Num curtíssimo filme (2 minutos) que aborda uma fotografia da guerra da Bósnia — Je Vous Salue, Sarajevo (1993) —, Godard fala da cultura como a “regra” e da arte como a “excepção”. E refere alguns “objectos” que estipulam a regra que “todos dizem”. São eles: “cigarro, computador, t-shirt, televisão, turismo, guerra”. Acrescenta que “ninguém diz a excepção”. Porquê? Porque “isso não se diz, escreve-se: Flaubert, Dostoievski; compõe-se: Gershwin, Mozart; pinta-se: Cézanne, Vermeer; filma-se: Antonioni, Vigo.
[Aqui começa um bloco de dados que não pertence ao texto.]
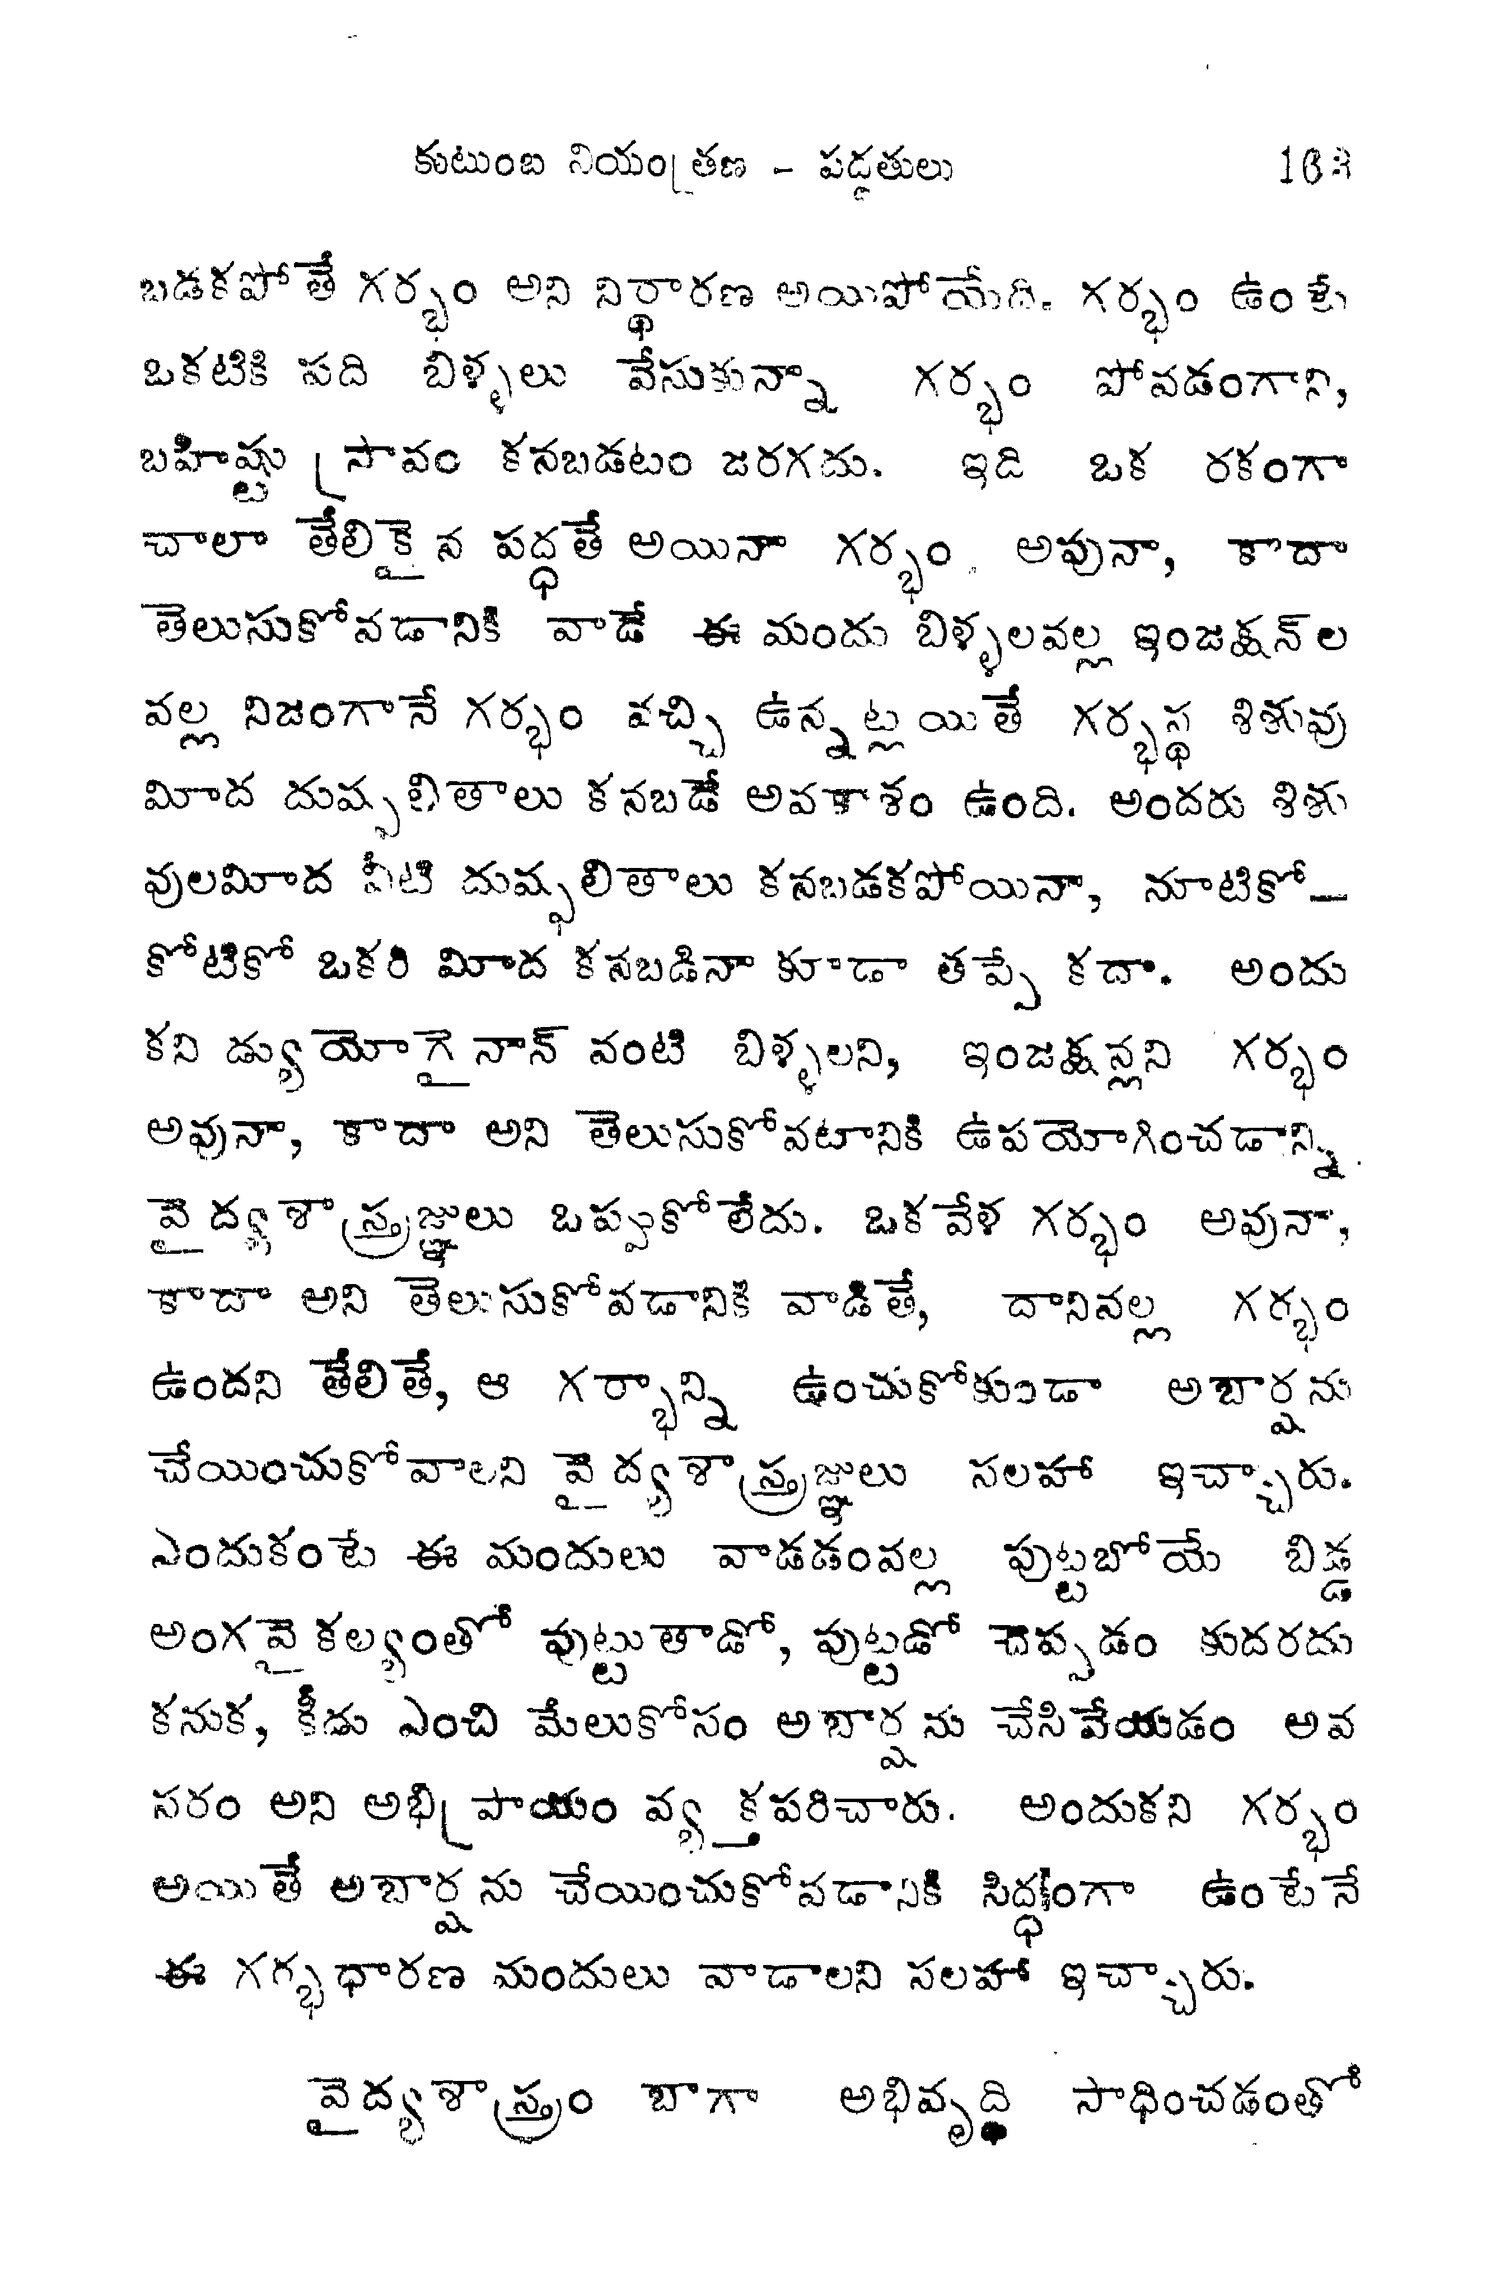బడకపోతే గర్భం అని నిర్ధారణ అయిపోయేది. గర్భం ఉంటే ఒకటికి పది బిళ్ళలు వేసుకున్నా గర్భం పోవడంగాని, బహిష్టు స్రావం కనబడటం జరగదు. ఇది ఒక రకంగా చాలా తేలికైన పద్ధతే అయినా గర్భం అవునా, కదా తెలుసుకోవడానికి వాడే ఈ మందు బిళ్ళలవల్ల ఇంజక్షన్‌ల వల్ల నిజంగానే గర్భం వచ్చి ఉన్నట్లయితే గర్బస్థ శిశువు మీద దుష్పలితాలు కనబడే అవకాశం ఉంది. అందరు శిశువులమీద వీటిదుష్పలితాలు కనబడకపోయినా, నూటికో - కోటికో ఒకరి మీద కనపడినా కూడా తప్పే కదా. అందుకని డ్యుయోగైనాన్ వంటి బిళ్ళ్లని, ఇంజక్షన్లని గర్భం అవునా, కాదాఅని తెలుసుకోవటానికి ఉపయోగించడాన్ని వైద్యశాస్త్రజ్ఞులు ఒప్పుకోలేదు. ఒకవేళ గర్భం అవునా, కాదా అని తెలుసుకోవడానికి వాడితే, దానివల్ల గర్భం ఉందని తేలితే, ఆ గర్భాన్ని ఉంచుకోకుండా అబార్షను చేయించుకోవాలని వైద్యశాస్త్రజ్ఞులు సలహా ఇచ్చారు. ఎందుకంటే ఈ మందులు వాడడంవల్ల పుట్టబోయే బిడ్డ అంగవైకల్యంతో పుట్టుతాడో, పుట్టడో చెప్పడం కుదరదు కనుక, కీడు ఎంచి మేలుకోసం అబార్షను చేసివేయడం అవసరం అని అభీప్రాయం వ్యక్తపరిచారు. అందుకని గర్భం అయితే అబార్షను చేయించుకోవడానికి సిద్ధంగా ఉంటేనే ఈ గర్భధారణ మందులు వాడాలని సలహా ఇచ్చారు.

వైద్యశాస్త్రం బాగా అభివృద్ది సాధించడంతో

Ou isso vive-se e, então, é a arte de viver: Srebrenica, Mostar, Sarajevo.” E termina citando Louis Aragon (peço desculpa pela tradução literal): “Quando for necessário fechar o livro, será sem lamentar nada. Vi tanta gente viver tão mal e tanta gente morrer tão bem.”



Sempre me pareceu que muitas pessoas que rejeitam Godard (não me estou a referir a António-Pedro Vasconcelos, nem sequer a uma questão especificamente portuguesa), não o fazem por qualquer “gosto”, mas cedendo à lenda de um Godard “experimentalista”, alheio às convulsões do mundo. Em boa verdade, o que nele é mais radical, porventura mais incómodo, é o facto de, mal ou bem, nunca ter deixado de lidar com a vida e a morte, o indizível da morte e essa “arte de viver” que Bertolt Brecht (um dos seus mestres) considerava “a maior de todas as artes”.
O que é intolerável para a formatação mediática do nosso presente é que a arte não seja (nunca foi, nunca será) um consenso sancionado por serviços fúnebres, mas uma guerra de ideias. Na publicidade ao filme O Livro de Imagem, há um texto que começa com uma pergunta romântica: “Ainda te lembras como costumávamos treinar o nosso pensamento?” E termina com uma informação jornalística: “A guerra está aqui.”